= Hung Wai Ching =

Chinese-American businessman (1905–2002)

Hung Wai Ching (August 1, 1905 – February 9, 2002) was a Chinese-American businessman. He founded the Varsity Victory Volunteers, and was one of the founders of Aloha Airlines.

== Early life and education ==
Ching was born in Honolulu on August 1, 1905. His parents were immigrants from China. He attended McKinley High School and graduated in 1924. He graduated from the University of Hawaii in 1928 with a degree in civil engineering, then attended Union Theological Seminary. In 1932, he earned a master's degree from Yale Divinity School. He also worked at the Nuʻuanu YMCA from 1928 to 1938, then as served as secretary at the Atherton YMCA near the University of Hawaii.

== Career ==
During World War II Ching was invited to be part of the Council for Interracial Unity's Morale Division with Shigeo Yoshida and Charles Loomis. This organization was meant to serve as a bridge between the civilian community and the military. They spoke out about the loyalty of Japanese Americans and prevented the wholesale incarceration of Japanese people in Hawaii. In 1943, Ching met with Eleanor and Franklin Roosevelt to report on race conditions in Hawaii and praise the decision not to incarcerate every Japanese person in Hawaii.

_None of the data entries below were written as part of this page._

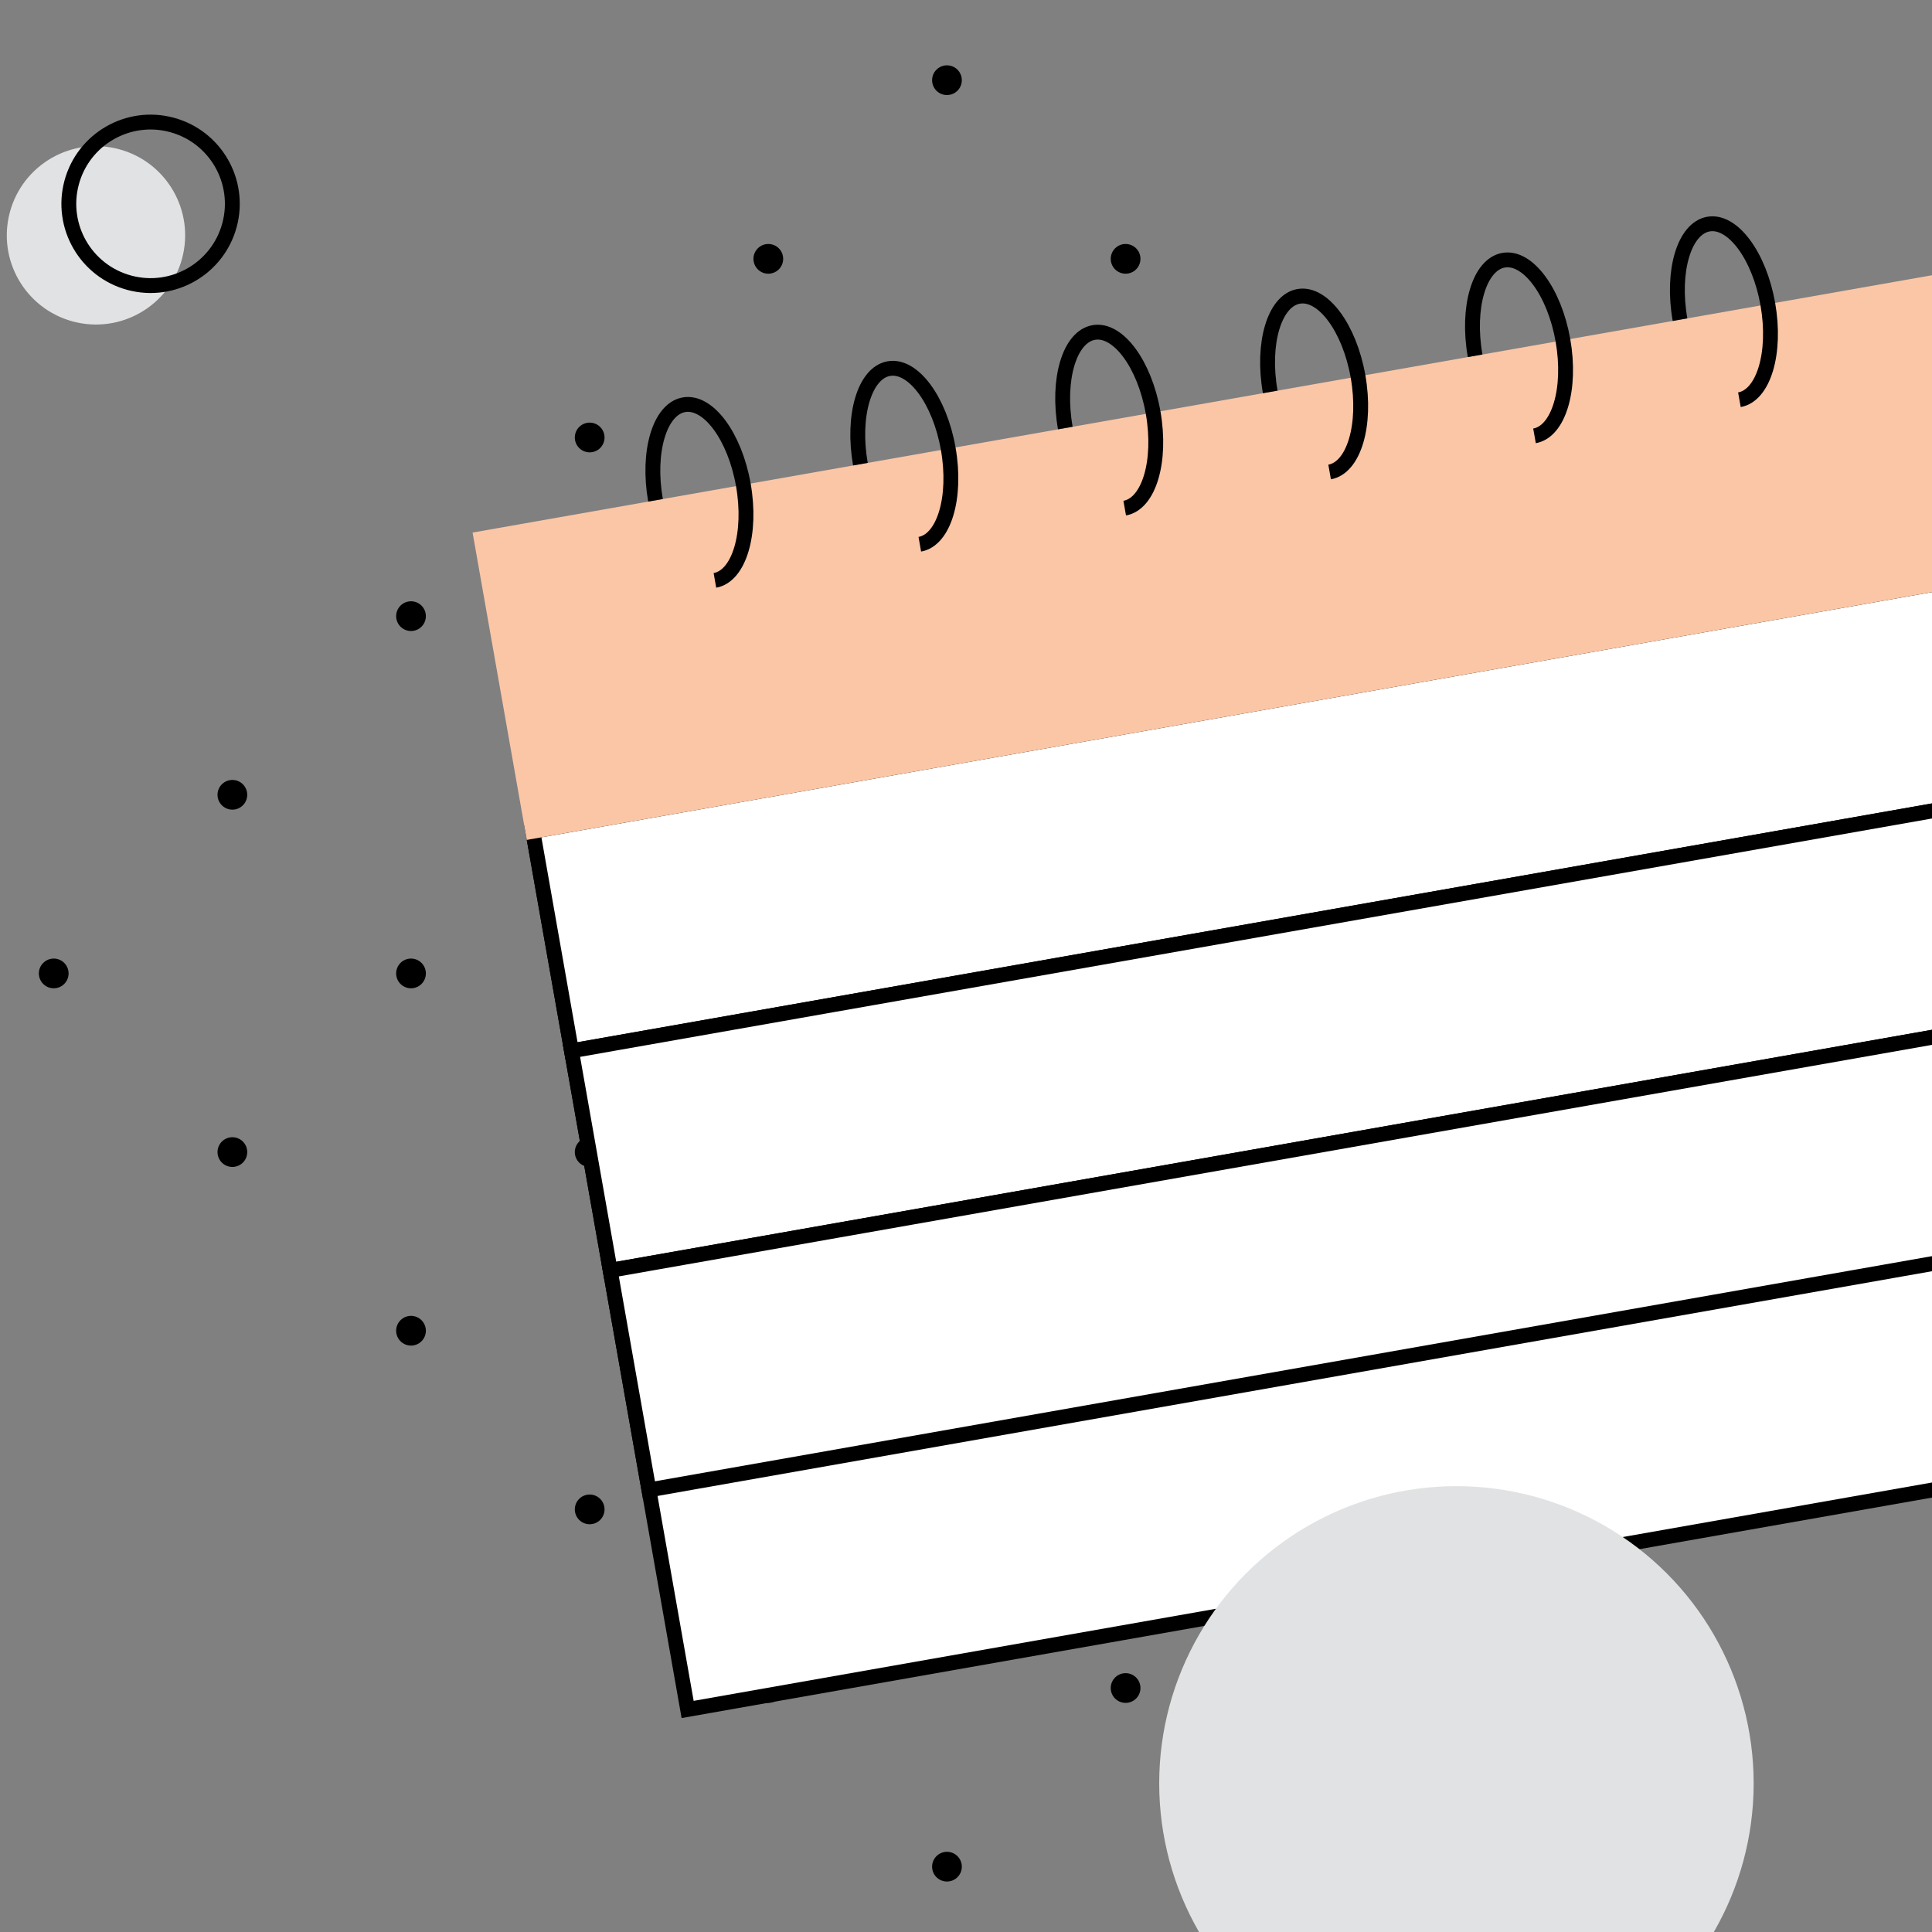 <svg width="130" height="130" viewBox="0 0 130 130" fill="none" xmlns="http://www.w3.org/2000/svg">
<rect x="0" y="0" width="130" height="130" fill="#808080" stroke="none"/>
<g clip-path="url(#clip0)">
<circle cx="123.823" cy="65.5" r="1" transform="rotate(135 123.823 65.5)" fill="black"/>
<circle cx="111.802" cy="77.521" r="1" transform="rotate(135 111.802 77.521)" fill="black"/>
<circle cx="99.781" cy="89.542" r="1" transform="rotate(135 99.781 89.542)" fill="black"/>
<circle cx="87.761" cy="101.563" r="1" transform="rotate(135 87.761 101.563)" fill="black"/>
<circle cx="75.739" cy="113.583" r="1" transform="rotate(135 75.739 113.583)" fill="black"/>
<circle cx="63.719" cy="125.604" r="1" transform="rotate(135 63.719 125.604)" fill="black"/>
<circle cx="111.802" cy="53.48" r="1" transform="rotate(135 111.802 53.48)" fill="black"/>
<circle cx="99.781" cy="65.5" r="1" transform="rotate(135 99.781 65.5)" fill="black"/>
<circle cx="87.761" cy="77.521" r="1" transform="rotate(135 87.761 77.521)" fill="black"/>
<circle cx="75.739" cy="89.542" r="1" transform="rotate(135 75.739 89.542)" fill="black"/>
<circle cx="63.719" cy="101.563" r="1" transform="rotate(135 63.719 101.563)" fill="black"/>
<circle cx="51.698" cy="113.583" r="1" transform="rotate(135 51.698 113.583)" fill="black"/>
<circle cx="99.781" cy="41.459" r="1" transform="rotate(135 99.781 41.459)" fill="black"/>
<circle cx="87.761" cy="53.48" r="1" transform="rotate(135 87.761 53.48)" fill="black"/>
<circle cx="75.739" cy="65.5" r="1" transform="rotate(135 75.739 65.5)" fill="black"/>
<circle cx="63.719" cy="77.521" r="1" transform="rotate(135 63.719 77.521)" fill="black"/>
<circle cx="51.698" cy="89.542" r="1" transform="rotate(135 51.698 89.542)" fill="black"/>
<circle cx="39.678" cy="101.563" r="1" transform="rotate(135 39.678 101.563)" fill="black"/>
<circle cx="87.761" cy="29.438" r="1" transform="rotate(135 87.761 29.438)" fill="black"/>
<circle cx="75.739" cy="41.459" r="1" transform="rotate(135 75.739 41.459)" fill="black"/>
<circle cx="63.719" cy="53.48" r="1" transform="rotate(135 63.719 53.48)" fill="black"/>
<circle cx="51.698" cy="65.5" r="1" transform="rotate(135 51.698 65.5)" fill="black"/>
<circle cx="39.678" cy="77.521" r="1" transform="rotate(135 39.678 77.521)" fill="black"/>
<circle cx="27.656" cy="89.542" r="1" transform="rotate(135 27.656 89.542)" fill="black"/>
<circle cx="75.739" cy="17.417" r="1" transform="rotate(135 75.739 17.417)" fill="black"/>
<circle cx="51.698" cy="41.459" r="1" transform="rotate(135 51.698 41.459)" fill="black"/>
<circle cx="39.678" cy="53.48" r="1" transform="rotate(135 39.678 53.48)" fill="black"/>
<circle cx="27.656" cy="65.5" r="1" transform="rotate(135 27.656 65.5)" fill="black"/>
<circle cx="15.636" cy="77.521" r="1" transform="rotate(135 15.636 77.521)" fill="black"/>
<circle cx="63.719" cy="5.396" r="1" transform="rotate(135 63.719 5.396)" fill="black"/>
<circle cx="51.698" cy="17.417" r="1" transform="rotate(135 51.698 17.417)" fill="black"/>
<circle cx="39.678" cy="29.438" r="1" transform="rotate(135 39.678 29.438)" fill="black"/>
<circle cx="27.656" cy="41.459" r="1" transform="rotate(135 27.656 41.459)" fill="black"/>
<circle cx="15.636" cy="53.48" r="1" transform="rotate(135 15.636 53.48)" fill="black"/>
<circle cx="3.615" cy="65.5" r="1" transform="rotate(135 3.615 65.5)" fill="black"/>
<rect x="36.024" y="56.922" width="100" height="59" transform="rotate(-10 36.024 56.922)" fill="white" stroke="black"/>
<rect x="35.851" y="55.937" width="100" height="15" transform="rotate(-10 35.851 55.937)" fill="white" stroke="black"/>
<rect x="38.455" y="70.709" width="100" height="15" transform="rotate(-10 38.455 70.709)" fill="white" stroke="black"/>
<rect x="41.06" y="85.481" width="100" height="15" transform="rotate(-10 41.06 85.481)" fill="white" stroke="black"/>
<rect x="32.378" y="36.241" width="100" height="20" transform="rotate(-10 32.378 36.241)" fill="#FBC6A6" stroke="#FBC6A6"/>
<path d="M48.105 39.052C49.736 38.765 50.593 35.886 50.017 32.623C49.442 29.359 47.653 26.947 46.021 27.235C44.389 27.522 43.533 30.401 44.108 33.664" stroke="black"/>
<path d="M61.892 36.621C63.523 36.334 64.38 33.455 63.804 30.191C63.229 26.928 61.44 24.516 59.808 24.803C58.176 25.091 57.32 27.97 57.895 31.233" stroke="black"/>
<path d="M75.679 34.19C77.311 33.903 78.167 31.024 77.591 27.761C77.016 24.497 75.227 22.085 73.595 22.373C71.963 22.66 71.107 25.539 71.683 28.802" stroke="black"/>
<path d="M89.467 31.759C91.099 31.471 91.955 28.593 91.379 25.329C90.804 22.066 89.015 19.654 87.383 19.942C85.751 20.229 84.895 23.108 85.471 26.371" stroke="black"/>
<path d="M103.254 29.328C104.886 29.04 105.742 26.162 105.167 22.898C104.591 19.635 102.802 17.223 101.17 17.51C99.539 17.798 98.682 20.677 99.258 23.94" stroke="black"/>
<path d="M117.041 26.897C118.673 26.609 119.529 23.731 118.954 20.467C118.378 17.204 116.589 14.792 114.957 15.079C113.326 15.367 112.469 18.246 113.045 21.509" stroke="black"/>
<circle cx="6.458" cy="15.836" r="6" transform="rotate(105 6.458 15.836)" fill="#E1E2E3"/>
<circle cx="10.132" cy="13.715" r="5.5" transform="rotate(105 10.132 13.715)" stroke="black"/>
<circle cx="98" cy="120" r="20" fill="#E1E2E3"/>
</g>
<defs>
<clipPath id="clip0">
<rect width="130" height="130" fill="white"/>
</clipPath>
</defs>
</svg>

When all Japanese soldiers were removed from the Hawaii Territorial Guard in 1942, Ching advocated for a labor battalion to be founded so that these men could still assist the war effort. This organization was called the Varsity Victory Volunteers. Ching continued to support and advocate for these men after the 442nd Regimental Combat Team was founded. When the war ended, Ching helped veterans get jobs and get scholarships to finish their educations. Ching also supported the Hawaii Defense Volunteers, an organization that was similar to the Varsity Victory Volunteers, but with volunteers from the Filipino, Chinese, Korean, and Puerto Rican communities.

After the war, Ching became a real estate broker. He was also one of the founders of Aloha Airlines alongside his brother Hung Wo, and served as a director for 25 years. Ching was a University of Hawaii regent and served as director or trustee of several local businesses and organizations. He died of cancer on February 9, 2002.